Due to the high volatility of vinyl chloride and the problems with sampling the gas phase, it is possible that vinyl chloride exists but was not detected in some of the samples and it can be debated if PCE has been completely degraded. All samples were taken in the same way, and thereby, when vinyl chloride has been detected the true concentration might have been higher.

Conclusions

The outcome of a multidisciplinary project is a deeper understanding of the system. A natural system is complex and there is a need for different and complementary information gained by different methods. The methods in this study have helped in the interpretation and explanation of results from one method that appeared inconsistent or unclear. The combination of methods thus produces both a more nuanced and more robust interpretation of the system when more than one method can indicate the same feature or phenomena that would otherwise remain more speculative. As the methods differ in investigation scale, from microbe to geological features, and the process they observe, the combination can portray the system in various spaces and times. In this study, it was possible to make conceptual models at different scales to understand important processes active in the interface. Geological heterogeneity is important to understand and include in the interpretation of the results from a contaminated site, although more knowledge about how the response in DCIP correlates to microbial activity is needed, to answer what are the causes of different responses. Additional investigations at this site, including more sampling points, additional and diverse DCIP measurements, along with detailed descriptions of the microbial communities, would support additional analysis of the data and strengthen the conclusions presented here. In addition, by combining one or several of the methods that are deemed most informative, or by leveraging the information gained by synergies between the methods, significant cost savings are possible.
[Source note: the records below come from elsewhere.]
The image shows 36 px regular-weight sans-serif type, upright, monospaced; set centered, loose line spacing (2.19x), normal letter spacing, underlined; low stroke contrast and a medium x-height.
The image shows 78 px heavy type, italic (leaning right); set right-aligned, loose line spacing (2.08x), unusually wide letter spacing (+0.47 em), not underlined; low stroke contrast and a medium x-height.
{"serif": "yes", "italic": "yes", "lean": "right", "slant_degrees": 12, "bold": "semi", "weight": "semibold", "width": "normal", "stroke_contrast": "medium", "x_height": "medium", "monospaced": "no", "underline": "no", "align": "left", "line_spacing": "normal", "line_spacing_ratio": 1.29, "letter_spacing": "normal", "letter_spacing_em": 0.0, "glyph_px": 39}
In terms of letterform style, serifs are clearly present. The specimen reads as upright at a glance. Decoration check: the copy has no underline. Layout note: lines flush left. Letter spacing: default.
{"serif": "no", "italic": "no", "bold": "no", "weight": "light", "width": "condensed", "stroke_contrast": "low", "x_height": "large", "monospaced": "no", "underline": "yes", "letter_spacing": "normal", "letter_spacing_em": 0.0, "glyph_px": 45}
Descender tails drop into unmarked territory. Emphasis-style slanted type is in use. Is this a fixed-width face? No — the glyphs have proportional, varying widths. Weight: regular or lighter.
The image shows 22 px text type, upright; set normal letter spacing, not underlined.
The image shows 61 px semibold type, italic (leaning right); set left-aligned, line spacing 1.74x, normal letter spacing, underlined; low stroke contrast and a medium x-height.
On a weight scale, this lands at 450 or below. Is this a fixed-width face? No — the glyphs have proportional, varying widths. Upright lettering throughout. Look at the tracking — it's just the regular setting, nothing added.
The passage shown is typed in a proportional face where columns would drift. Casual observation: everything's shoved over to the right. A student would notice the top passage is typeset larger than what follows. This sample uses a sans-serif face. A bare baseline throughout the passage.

This is due both to the potential for improved monitoring of remediation, as well as the ability to evaluate the effectiveness of different remediation interventions in the context of greater understanding of the subsurface processes at different scales.

More specifically we can conclude the following:

  • The relationship between the degradation of the chlorinated solvents, CSIA, and microbes is complicated at this site. This is most likely due to the hydrogeological complexity and flows paths in the system.
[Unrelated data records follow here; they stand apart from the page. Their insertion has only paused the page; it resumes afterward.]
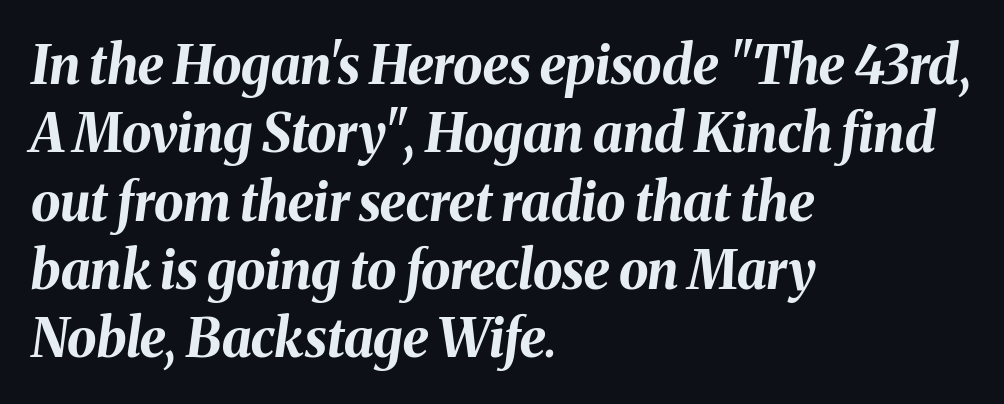
{"italic": "yes", "lean": "right", "slant_degrees": 8, "bold": "yes", "weight": "bold", "width": "normal", "stroke_contrast": "medium", "x_height": "medium", "monospaced": "no", "underline": "no", "align": "left", "line_spacing": "normal", "line_spacing_ratio": 1.29, "letter_spacing": "normal", "letter_spacing_em": 0.0, "glyph_px": 53}
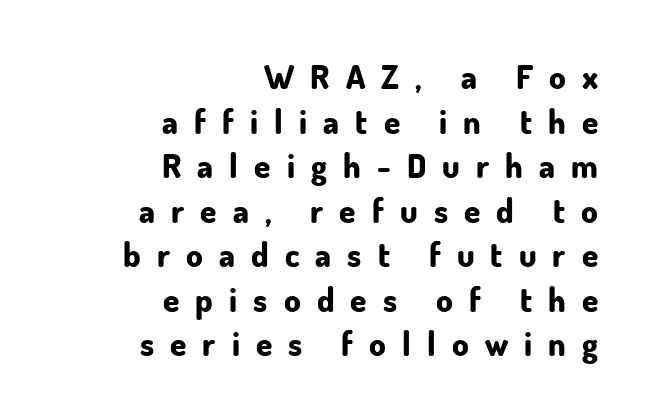
The image shows 33 px bold sans-serif type, upright; set right-aligned, normal line spacing (1.35x), unusually wide letter spacing (+0.49 em), not underlined; low stroke contrast and a small x-height.
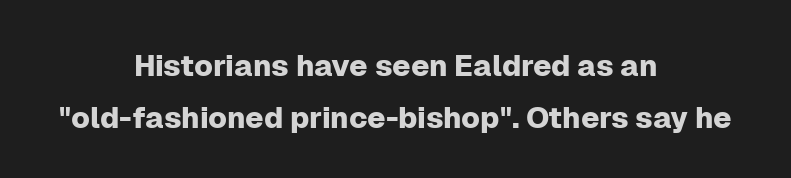
If you drew a line through each stem, it would be perfectly vertical. Each line is balanced around a shared central axis. The string is rendered with underlining switched off. The letters advance in unequal steps, a hallmark of proportional type.
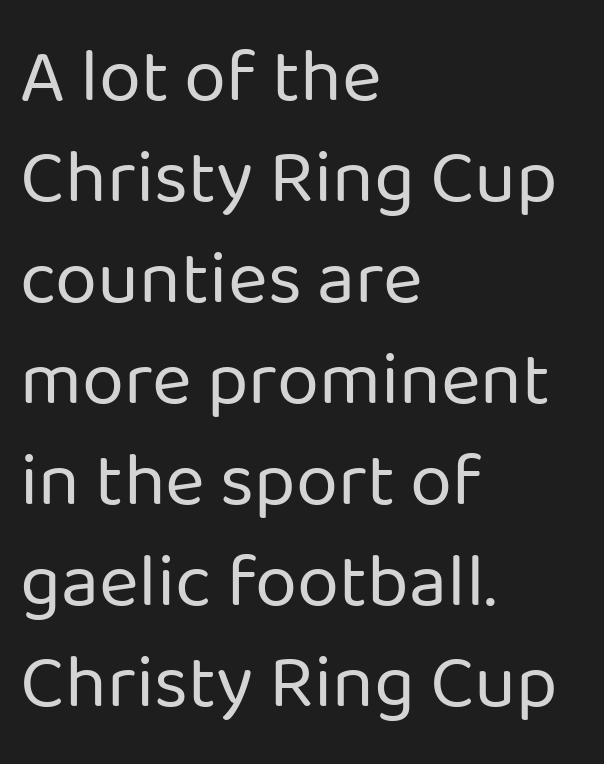
{"serif": "no", "italic": "no", "bold": "no", "weight": "regular", "width": "normal", "stroke_contrast": "low", "x_height": "medium", "monospaced": "no", "underline": "no", "align": "left", "line_spacing": "normal", "line_spacing_ratio": 1.33, "letter_spacing": "normal", "letter_spacing_em": 0.0, "glyph_px": 76}
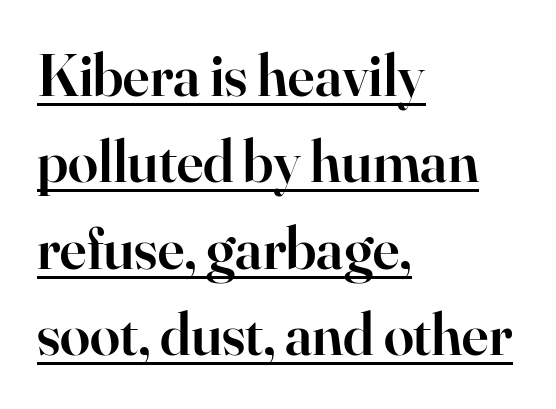
Q: Is the text bold? A: Semi-bold.
Q: Is the text italic (slanted)? A: No, it is upright.
Q: Is the typeface a serif or a sans-serif typeface? A: Serif.
Q: Is the text underlined? A: Yes.
Q: How is the paragraph aligned? A: Left-aligned.
Q: Is the spacing between letters normal or unusually wide? A: Normal.
Q: Is the spacing between lines tight, normal or loose? A: Normal.
Q: Width (condensed, normal, or wide)? A: Normal.
Q: Stroke contrast? A: High.
Q: x-height? A: Small.
Q: Monospaced? A: No.
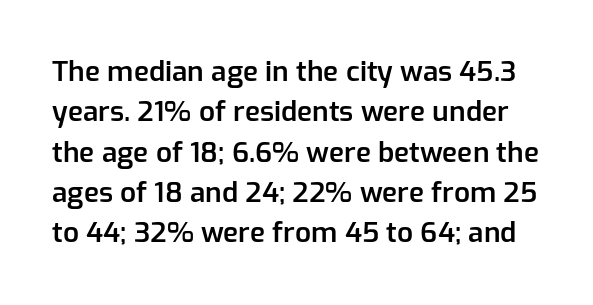
Q: Is the text bold? A: Semi-bold.
Q: Is the text italic (slanted)? A: No, it is upright.
Q: Is the typeface a serif or a sans-serif typeface? A: Sans-serif.
Q: Is the text underlined? A: No.
Q: Is the spacing between letters normal or unusually wide? A: Normal.
Q: Is the spacing between lines tight, normal or loose? A: Normal.
Q: Width (condensed, normal, or wide)? A: Normal.
Q: Stroke contrast? A: Low.
Q: x-height? A: Medium.
Q: Monospaced? A: No.
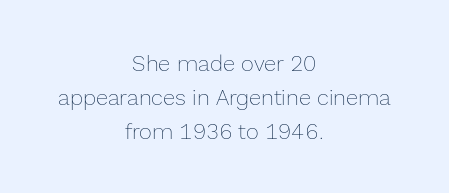
The image shows 22 px text type, upright; set centered, normal line spacing (1.54x), normal letter spacing, not underlined.
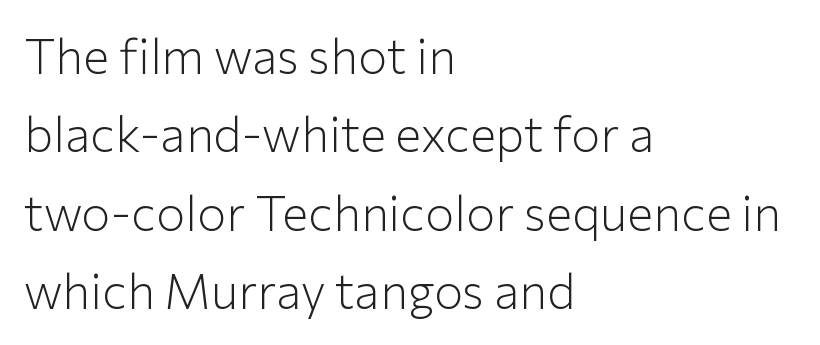
{"serif": "no", "italic": "no", "bold": "no", "weight": "light", "width": "normal", "stroke_contrast": "low", "x_height": "medium", "monospaced": "no", "underline": "no", "align": "left", "line_spacing": "normal", "line_spacing_ratio": 1.6, "letter_spacing": "normal", "letter_spacing_em": 0.0, "glyph_px": 49}
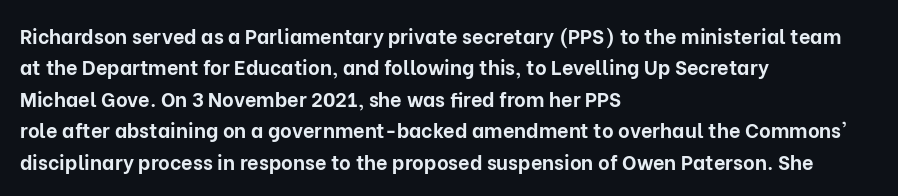
{"italic": "no", "bold": "yes", "underline": "no", "align": "left", "line_spacing": "normal", "line_spacing_ratio": 1.57, "letter_spacing": "normal", "letter_spacing_em": 0.0, "glyph_px": 20}
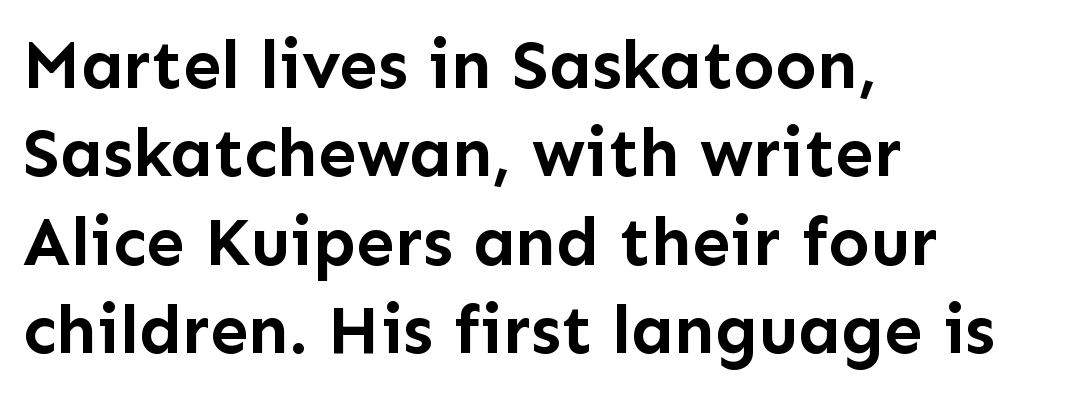
{"serif": "no", "italic": "no", "bold": "yes", "weight": "semibold", "width": "normal", "stroke_contrast": "low", "x_height": "medium", "monospaced": "no", "underline": "no", "align": "left", "line_spacing": "normal", "line_spacing_ratio": 1.28, "letter_spacing": "normal", "letter_spacing_em": 0.0, "glyph_px": 69}
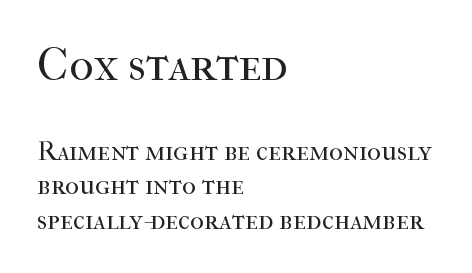
Words float on clear page, feet unadorned. Whoever set this made the first block the dominant, larger element. Note the varied advance widths — an 'i' is clearly narrower than an 'm'. The typography opts for an upright posture over an oblique one.

  • The specific concentrations of D. mccartyi for the studied site are lower than in other studies, (where pure cultures are used either in lab or injected into the ground at the site) making it difficult to detect them with the chosen qPCR assay. A microbial community likely performs degradation, and the use of other methods to capture this diversity is required.

  • The geological setting, with changes in grain size between units, and in hydraulic conductivity, promotes degradation and this finding could inform design of remediation actions, i.e., including ground stabilizers with injections to lowering the hydraulic conductivity.
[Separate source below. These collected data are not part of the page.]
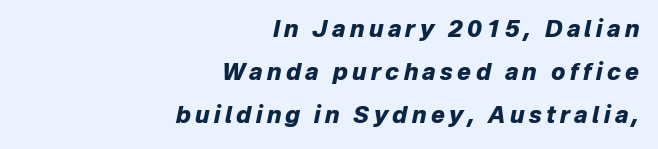
The image shows 23 px bold type, italic (leaning right); set right-aligned, line spacing 1.88x, not underlined.
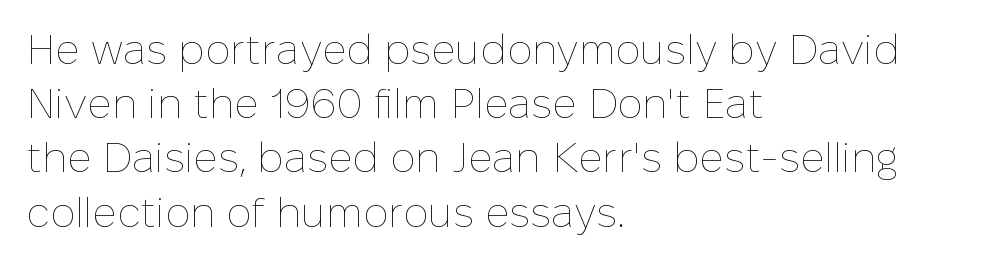
Vertical strokes here are truly vertical. Character widths vary here, with narrow letters taking less room than wide ones. Rows of type keep a routine distance in the vertical direction. Nothing unusual about the tracking: characters are spaced as the font intends.
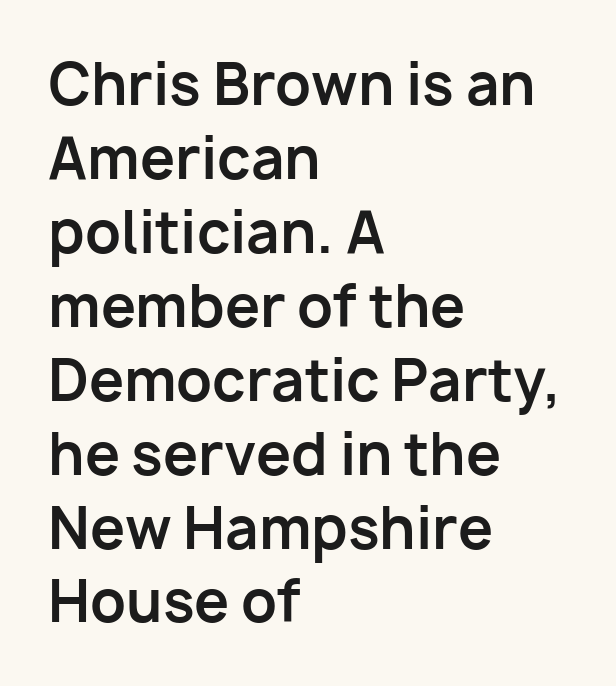
The image shows 56 px bold sans-serif type, upright; set left-aligned, normal line spacing (1.32x), normal letter spacing, not underlined; low stroke contrast and a medium x-height.
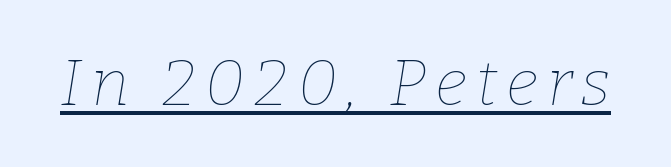
The image shows 65 px thin type, italic (leaning right); set underlined; low stroke contrast and a medium x-height.
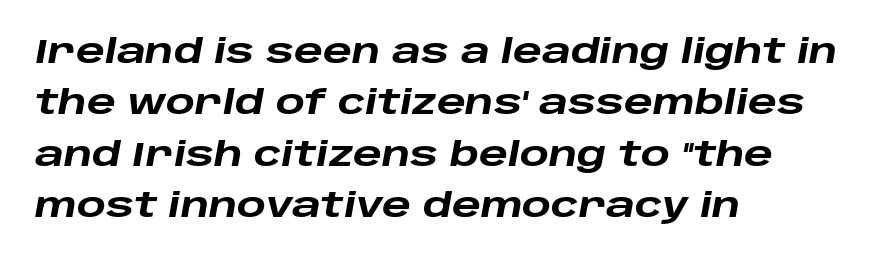
{"italic": "yes", "lean": "right", "slant_degrees": 10, "bold": "yes", "weight": "heavy", "width": "wide", "stroke_contrast": "low", "x_height": "large", "monospaced": "no", "underline": "no", "align": "left", "line_spacing": "normal", "line_spacing_ratio": 1.51, "letter_spacing": "normal", "letter_spacing_em": 0.0, "glyph_px": 34}
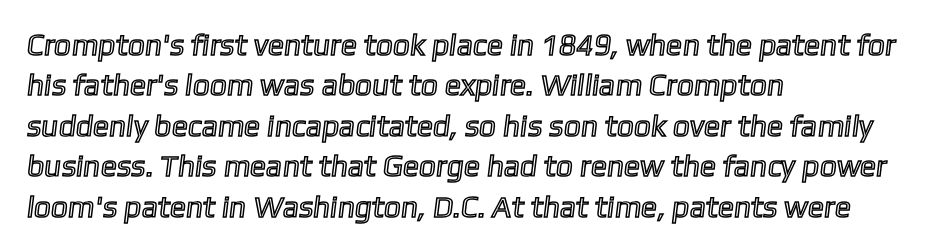
Q: Is the text underlined? A: No.
Q: How is the paragraph aligned? A: Left-aligned.
Q: Is the spacing between letters normal or unusually wide? A: Normal.
Q: Is the spacing between lines tight, normal or loose? A: Normal.
Q: Width (condensed, normal, or wide)? A: Normal.
Q: x-height? A: Medium.
Q: Monospaced? A: No.
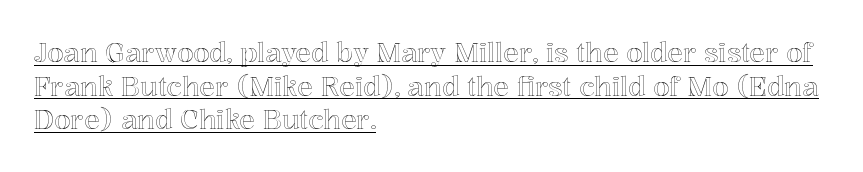
The image shows 26 px text type, upright; set left-aligned, normal line spacing (1.29x), normal letter spacing, underlined.

The following additional measurements would have answered more questions regarding the subsurface system and should be considered for additional investigation or similar studies:

  • Measurements of gas concentrations in the groundwater (ethene, ethane, and methane) to evaluate the microbial activity.

  • Investigation of the hydraulic conductivity to evaluate the permeability of different units and understand how they interact with each other.

  • Groundwater dating with trace elements, to resolve residence time and flow paths.

  • Repetition of the geophysical measurements for a time-lapse study, in order to limit the static parts (i.e., geology) of the system.